The regulation of cardiomyocyte differentiation can be better understood by gaining valuable insights from the complex relationship between these signaling pathways, which may also have implications for potential therapeutic applications using induced pluripotent stem cells.
Aside from the main autophagy pathway, other types of autophagy, such as mitophagy, play a crucial role in cardiac differentiation. Mitophagy, a form of autophagy, is a vital process in cardiac differentiation. It helps in the removal of dysfunctional mitochondria and facilitates metabolic remodeling, which is crucial for successful differentiation. Regulated mitophagy plays a critical role in maintaining the cell’s glycolytic status and is believed to contribute to the metabolic remodeling necessary for successful differentiation [46,47,48,49].
A specific process of mitophagy is initiated by the PINK1/Parkin system, where Parkin, an E3 ubiquitin ligase, is recruited to dysfunctional mitochondria. Parkin ubiquitinates outer mitochondrial proteins, labeling them for proteasome degradation [50]. In mice, the deletion of Parkin during early postnatal stages impedes cardiomyocyte maturation, affects mitochondrial biogenesis, and disrupts fatty acid oxidation, highlighting the importance of PINK1/Parkin-mediated mitophagy in cardiac development [46]. These findings highlight the important role of PINK1/Parkin-mediated mitophagy in promoting proper cardiac development.
The regulation of mitophagy in cardiac differentiation is influenced by nutrient-sensing pathways, such as Akt/mTOR, which is upregulated in high-nutrient states, and AMPK, which is upregulated during fasting. Inhibiting mTOR signaling increases mitophagy, providing cardioprotection after myocardial infarction. Conversely, AMPKα2 phosphorylates PINK1, enhancing mitophagy and protecting against pressure overload in the heart. AMPK also influences the opening of the mitochondrial permeability transition pore (mPTP), which regulates mitochondrial depolarization and subsequent mitophagy [18,51]. Increasing Parkin-mediated mitophagy through enhanced fatty acid oxidation, achieved by deleting acetyl coenzyme A carboxylase 2 (ACC2), prevents myocardial dysfunction resulting from a high-fat diet [52]. These interconnected mechanisms underscore the significance of metabolic shifts, mitochondrial quality control, and mitophagy in maintaining proper cardiac function.
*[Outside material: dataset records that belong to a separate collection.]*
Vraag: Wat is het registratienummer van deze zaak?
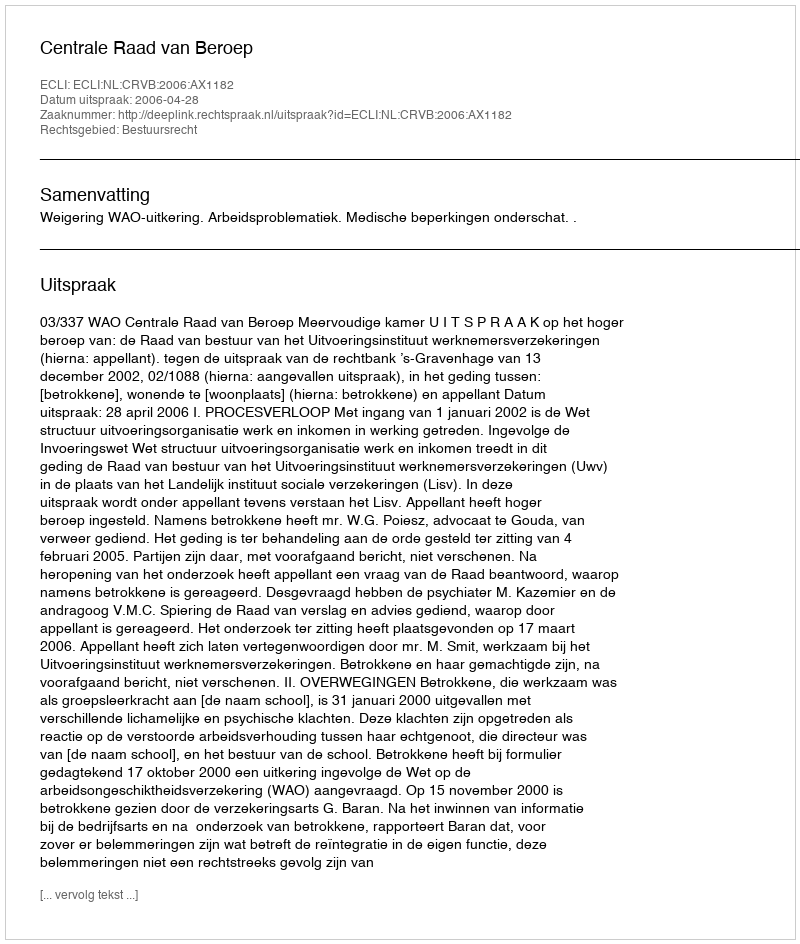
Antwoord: http://deeplink.rechtspraak.nl/uitspraak?id=ECLI:NL:CRVB:2006:AX1182
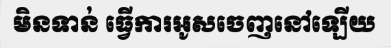
មិនទាន់ ធ្វើការអូសចេញនៅឡើយ
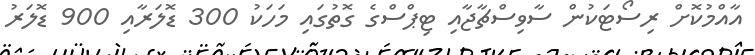
އާއްމުކޮށް ރިސޯޓަކުން ސާވިސްޗާޖާއި ޓިޕްސްގެ ގޮތުގައި މަހަކު 300 ޑޮލަރާއި 900 ޑޮލަރު

Conversely, inhibiting mitophagy by chronically activating monoamine oxidase-A (MAO-A) leads to the accumulation of dysfunctional mitochondria, promoting a senescent phenotype. This inhibition upregulates cell-cycle inhibitors, triggers the ROS-induced DNA damage response, and increases senescence-associated β-galactosidase (SA-β-gal) activity. Hence, maintaining mitophagy is crucial for inhibiting senescence, promoting cardiomyocyte maturation, removing dysfunctional mitochondria, and supporting optimal mitochondrial function [53].
The hypoxia-inducible factor 1 (HIF-1) is one of the key regulators of mitophagy during cardiac differentiation. HIF-1 is known to stabilize and activate in response to low oxygen levels, and it has been found to play a critical role in cardiomyocyte development [54]. Zhao et al. (2020) found that HIF-1 is upregulated during differentiation and triggered NIX (also known as BNIP3L)-dependent mitophagy [55]. NIX acts as a mitophagy receptor that facilitates the selective engulfment of mitochondria by autophagosomes. Activation of HIF-1 during cardiomyocyte differentiation leads to the stabilization of NIX, promoting the removal of dysfunctional mitochondria through mitophagy. This controlled elimination of damaged mitochondria is essential for maintaining the overall health and functionality of differentiating cardiomyocytes. Controlled mitophagy is thought to maintain or improve the cell’s glycolytic status, potentially through a positive feedback loop with HIF1, although the mechanism is not yet understood. Changing NIX expression levels can affect the rate of differentiation, and HIF1 upregulation during differentiation is required for cardiomyoblast development and mitophagy [55,56].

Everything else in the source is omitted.